Когда же началась дуэль, в которой по ремарке требовалось, чтобы первым движением шпаги Валентин вышиб из рук Мефистофеля мандолину, Дубинский не сделал этого, и Шаляпин сам отбросил инструмент в сторону.
«Что с ним такое?» — с тревогой подумал я о Валентине. Ведь всем известна требовательность Шаляпина к своим партнерам на сцене. Именно за эту требовательность «двадцатники» не любили его; вспомнил, как плакал он от нижегородского хора, понижавшего тон. Как же поступит суровый в таких случаях великий артист? Пожалуй, уж не плакать будет, а прочитает небрежному «мальчишке» суровую нотацию?
Когда я вошел в его уборную, Шаляпин спокойно разговаривал с режиссером:
— Знаете, иногда за кулисами я вижу певцов из других театров. Спрашиваешь их: зачем они, собственно, приходят? Мне отвечали: «Приходим учиться у вас». Действительно, вот хоть бы в «Фаусте» — выступал я раз триста, не меньше. Удивительно даже, как это публике не надоедает слушать? Молодым певцам можно бы и поучиться!.. Ведь учился же у меня кордебалет, как танцевать танец ведьм на Брокене! Я превращался в ведьму и танцевал перед балеринами на репетиции. Почему бы и Дубинскому не обратиться ко мне, если он все еще не твердо знает мизансцены? Передайте ему это, пожалуйста.

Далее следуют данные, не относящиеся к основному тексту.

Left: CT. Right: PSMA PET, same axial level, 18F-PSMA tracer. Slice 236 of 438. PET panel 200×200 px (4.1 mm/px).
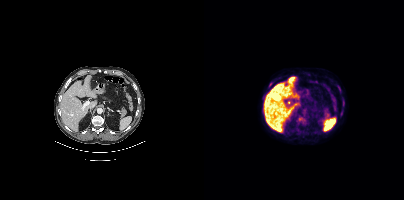
Coordinates are on the 200×200 PET (right) panel. Small PSMA-avid foci (2 to 4 px across) near (center x, center y): (140, 106) / (65, 84).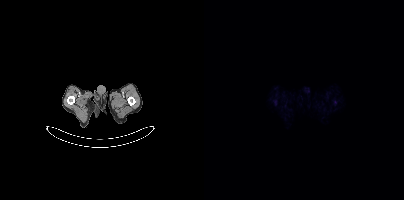
Technique: Two-panel axial: CT | PSMA PET, 18F-PSMA tracer. acquired on Siemens Biograph mCT Flow 20.
Findings: Negative for PSMA-avid disease on this slice.
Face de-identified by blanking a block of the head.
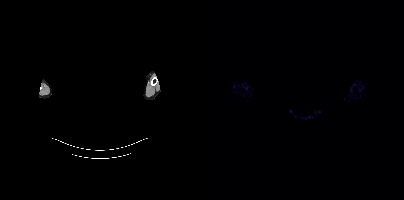
This slice has no annotated PSMA-avid lesion.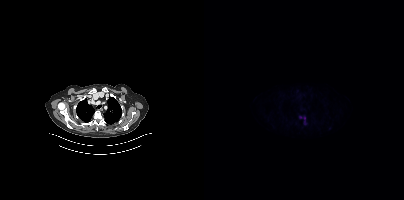
Coordinates are on the 200×200 PET (right) panel. PSMA-avid tumor lesion bounding box (x0,y0,x1,y1): [100,117,101,124]. Small PSMA-avid focus (2 to 4 px across) near (center x, center y): (96, 117). Paired axial CT (left) and PSMA PET (right), 18F tracer. Slice 319 of 395.
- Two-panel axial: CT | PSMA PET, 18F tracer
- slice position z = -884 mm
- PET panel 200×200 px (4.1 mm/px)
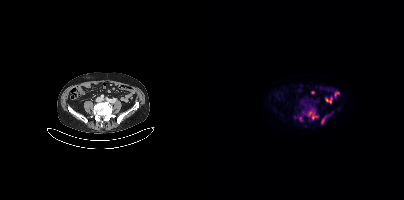
Findings: Coordinates are on the 200×200 PET (right) panel. PSMA-avid tumor lesion bounding boxes (x, y, width, height): x=104 y=109 w=11 h=11 / x=117 y=115 w=6 h=10. Small PSMA-avid foci (2 to 4 px across) near (center x, center y): (96, 118) / (125, 114).
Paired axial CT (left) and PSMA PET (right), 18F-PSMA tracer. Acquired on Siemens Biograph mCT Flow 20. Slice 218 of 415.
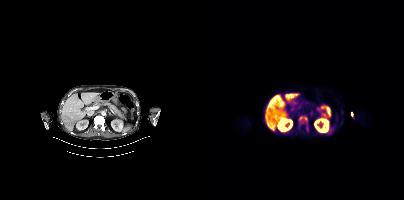
Coordinates are on the 200×200 PET (right) panel. PSMA-avid tumor lesion bounding boxes:
| # | x0 | y0 | x1 | y1 |
|---|---|---|---|---|
| 1 | 95 | 116 | 103 | 124 |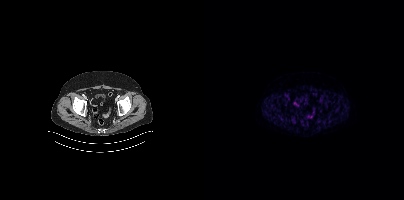
Findings: No PSMA-avid tumor lesions on this slice.
- Left: CT. Right: PSMA PET, same axial level, [18F]PSMA-1007 tracer
- slice 88 of 433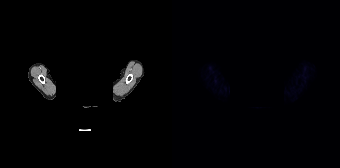
- any black rectangle over the head is a privacy mask, not anatomy
- Paired axial CT (left) and PSMA PET (right), 18F-PSMA tracer
- acquired on Siemens Biograph 64-4R TruePoint
Findings: No tumor lesions annotated on this slice.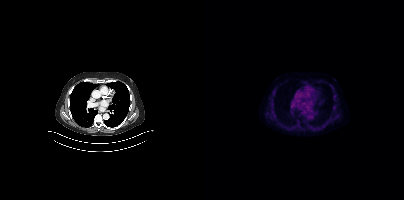
Left: CT. Right: PSMA PET, same axial level, [18F]PSMA-1007 tracer. No PSMA-avid tumor lesions on this slice.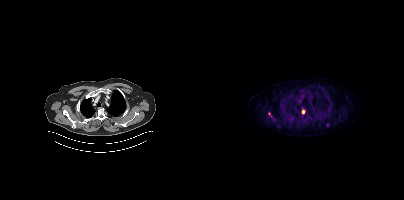
Findings: Coordinates are on the 200×200 PET (right) panel. (showing 1 of 4 foci) PSMA-avid tumor lesion bounding box (x0,y0,x1,y1): [97,110,100,114].
- Paired axial CT (left) and PSMA PET (right), [18F]PSMA-1007 tracer
- slice position z = -952 mm
- PET panel 200×200 px (4.1 mm/px)
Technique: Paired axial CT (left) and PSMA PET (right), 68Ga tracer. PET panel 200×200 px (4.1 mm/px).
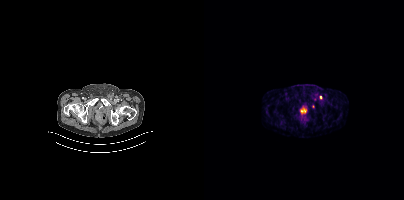
Findings: Coordinates are on the 200×200 PET (right) panel. Small PSMA-avid foci (2 to 4 px across) near (center x, center y): (116, 97); (109, 106).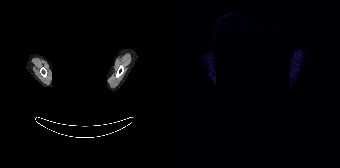
This slice has no annotated PSMA-avid lesion. Two-panel axial: CT | PSMA PET, 68Ga tracer. Slice 183 of 195. Face de-identified by blanking a block of the head.
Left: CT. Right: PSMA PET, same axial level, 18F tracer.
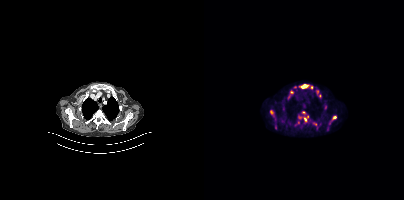
Coordinates are on the 200×200 PET (right) panel. PSMA-avid tumor lesion bounding boxes (partial; 1 more focus not listed):
| # | x0 | y0 | x1 | y1 |
|---|---|---|---|---|
| 1 | 94 | 111 | 104 | 122 |
| 2 | 94 | 84 | 108 | 88 |
| 3 | 105 | 120 | 113 | 125 |
| 4 | 69 | 120 | 73 | 128 |
| 5 | 66 | 110 | 69 | 114 |
| 6 | 86 | 90 | 89 | 94 |
Small PSMA-avid foci (2 to 4 px across) near (center x, center y): (130, 117); (91, 87); (94, 122); (84, 97); (91, 124).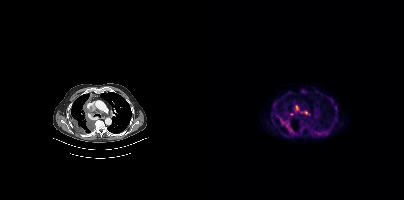
Coordinates are on the 200×200 PET (right) panel. (showing 4 of 5 foci) PSMA-avid tumor lesion bounding boxes (x, y, width, height): x=76 y=118 w=13 h=14 | x=92 y=106 w=3 h=5 | x=98 y=126 w=5 h=3. Small PSMA-avid focus (2 to 4 px across) near (center x, center y): (102, 112).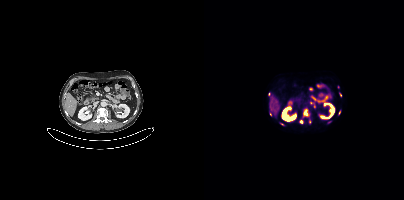
{"modality":"PSMA PET/CT","view":"axial","tracer":"18F","pet_grid":[200,200],"coord_frame":"pet_panel","coord_format":"x0,y0,x1,y1","partial":true,"lesion_bboxes":[[100,110,105,115],[123,121,127,123]],"small_foci_centers":[[106,121],[97,121],[77,124],[135,112],[66,114]]}
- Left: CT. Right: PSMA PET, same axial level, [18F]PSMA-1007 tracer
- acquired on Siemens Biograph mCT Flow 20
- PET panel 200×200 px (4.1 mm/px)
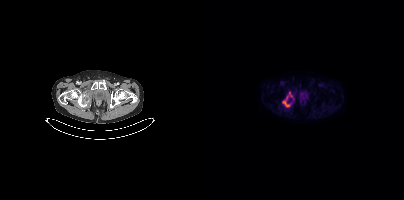
Findings: Coordinates are on the 200×200 PET (right) panel. PSMA-avid tumor lesion bounding box (x0, y0)-(x1, y1): (78, 92)-(90, 106).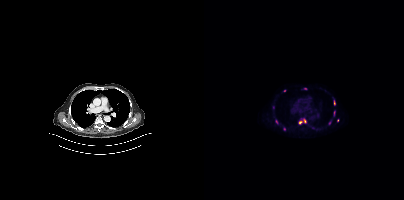
Left: CT. Right: PSMA PET, same axial level, [18F]PSMA-1007 tracer. Slice position z = -448 mm. Coordinates are on the 200×200 PET (right) panel. (showing 4 of 7 foci) Small PSMA-avid foci (2 to 4 px across) near (center x, center y): (80, 129) / (130, 102) / (96, 122) / (72, 121).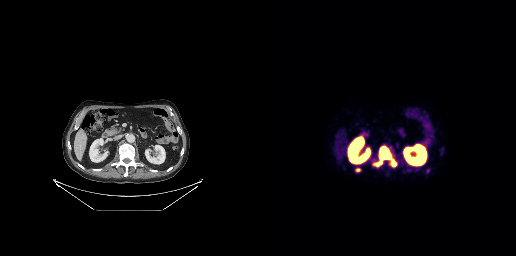
modality: PSMA PET/CT | tracer: [68Ga]Ga-PSMA-11 | view: axial
Coordinates are on the 256×256 PET (right) panel. PSMA-avid tumor lesion bounding boxes (x0,y0,x1,y1): [120,147,136,166], [113,160,120,166], [95,168,100,172].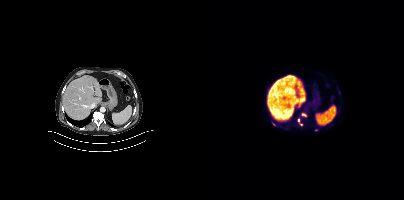
modality: PSMA PET/CT | tracer: 18F | view: axial
Coordinates are on the 200×200 PET (right) panel. PSMA-avid tumor lesion bounding boxes (x, y, width, height): x=98 y=113 w=5 h=4; x=94 y=119 w=5 h=7. Small PSMA-avid foci (2 to 4 px across) near (center x, center y): (69, 124); (112, 129).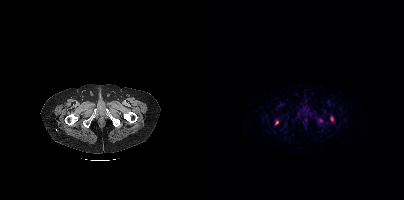
Coordinates are on the 200×200 PET (right) panel. Small PSMA-avid focus (2 to 4 px across) near (center x, center y): (73, 122). Two-panel axial: CT | PSMA PET, 68Ga tracer. Acquired on Siemens Biograph mCT Flow 20. Slice position z = 255 mm.
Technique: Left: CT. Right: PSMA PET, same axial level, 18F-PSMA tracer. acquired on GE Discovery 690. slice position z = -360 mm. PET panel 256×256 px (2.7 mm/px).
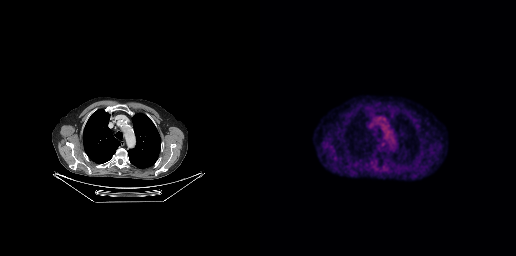
Findings: This slice has no annotated PSMA-avid lesion.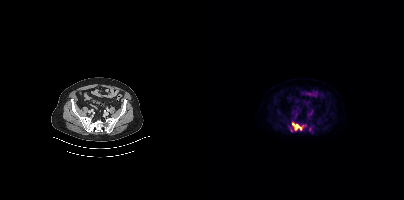
Paired axial CT (left) and PSMA PET (right), 18F-PSMA tracer. Acquired on Siemens Biograph mCT Flow 20. Slice position z = -694 mm. Coordinates are on the 200×200 PET (right) panel. (showing 2 of 4 foci) PSMA-avid tumor lesion bounding boxes (x, y, width, height): x=88 y=122 w=12 h=9; x=105 y=127 w=3 h=5.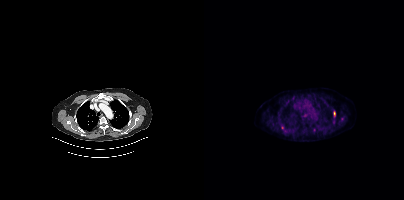
Left: CT. Right: PSMA PET, same axial level, 18F-PSMA tracer. Acquired on Siemens Biograph mCT Flow 20.
Coordinates are on the 200×200 PET (right) panel. PSMA-avid tumor lesion bounding boxes:
| # | x0 | y0 | x1 | y1 |
|---|---|---|---|---|
| 1 | 130 | 112 | 131 | 117 |
Small PSMA-avid foci (2 to 4 px across) near (center x, center y): (78, 127); (110, 130); (137, 118).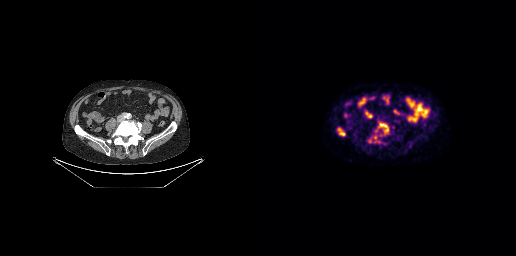
Left: CT. Right: PSMA PET, same axial level, [18F]PSMA-1007 tracer. Slice 107 of 263.
Coordinates are on the 256×256 PET (right) panel. PSMA-avid tumor lesion bounding boxes:
| # | x0 | y0 | x1 | y1 |
|---|---|---|---|---|
| 1 | 118 | 122 | 128 | 133 |
| 2 | 78 | 128 | 85 | 135 |
Small PSMA-avid foci (2 to 4 px across) near (center x, center y): (115, 137); (109, 141).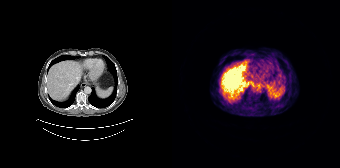
{"pet_grid":[168,168],"coord_frame":"pet_panel","coord_format":"x0,y0,x1,y1","psma_avid_lesions":false,"modality":"PSMA PET/CT","view":"axial","tracer":"[68Ga]Ga-PSMA-11"}
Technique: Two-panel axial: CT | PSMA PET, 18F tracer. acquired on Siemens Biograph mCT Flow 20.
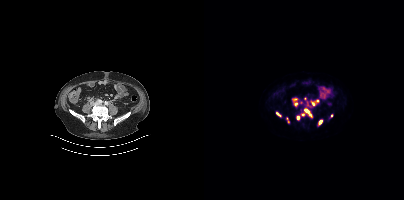
Findings: Coordinates are on the 200×200 PET (right) panel. (showing 14 of 15 foci) PSMA-avid tumor lesion bounding boxes (x0,y0,x1,y1): [100,108,108,117] [114,120,118,124] [107,101,111,105] [89,98,93,100] [72,113,76,116]. Small PSMA-avid foci (2 to 4 px across) near (center x, center y): (94, 117) (91, 103) (101, 98) (113, 101) (98, 114) (103, 102) (97, 102) (127, 115) (84, 121).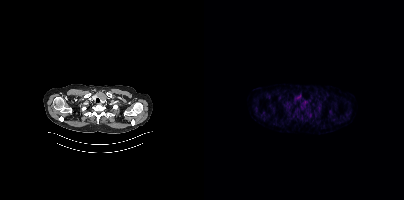
Technique: Two-panel axial: CT | PSMA PET, 18F-PSMA tracer.
Findings: No PSMA-avid tumor lesions on this slice.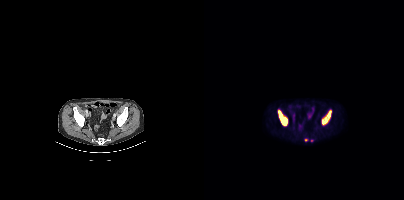
- Left: CT. Right: PSMA PET, same axial level, 18F-PSMA tracer
- slice position z = -367 mm
- PET panel 200×200 px (4.1 mm/px)
Findings: Coordinates are on the 200×200 PET (right) panel. (showing 2 of 3 foci) PSMA-avid tumor lesion bounding boxes (x, y, width, height): x=74 y=111 w=9 h=15; x=118 y=110 w=10 h=15.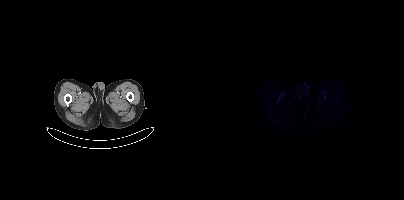
This slice has no annotated PSMA-avid lesion.
modality: PSMA PET/CT | tracer: 68Ga-PSMA | view: axial | PET grid: 200×200

Шаляпин говорил в тоне легкого упрека.
Режиссер смущенно и вместе с тем вкрадчиво улыбнулся.
— Федор Иваныч! Ведь он в сущности почти слепой!
— Слепой?
— Одним глазом совсем не видит, а другим — чуть-чуть. Его на войну забирали, но скоро вернули — слепым! От ядовитых газов! Он и боялся по слепоте своей, как бы не промахнуться и не ударить вас по руке. Так и не решился!..
Лицо Шаляпина изменилось.
— Ну, это другое дело! Передайте ему мое сочувствие. Если в другой раз придется выступить вместе, пусть зайдет ко мне сговориться. Жаль, жаль!.. Хороший голос и хороший певец пропадает!
За все время знакомства с Шаляпиным я довольно часто бывал за кулисами, но видеть его в раздраженном настроении не доводилось. Да вообще, встречаясь с ним и «в жизни» в различной обстановке, не видал, чтобы он, так сказать, «наступил кому-нибудь на любимую мозоль».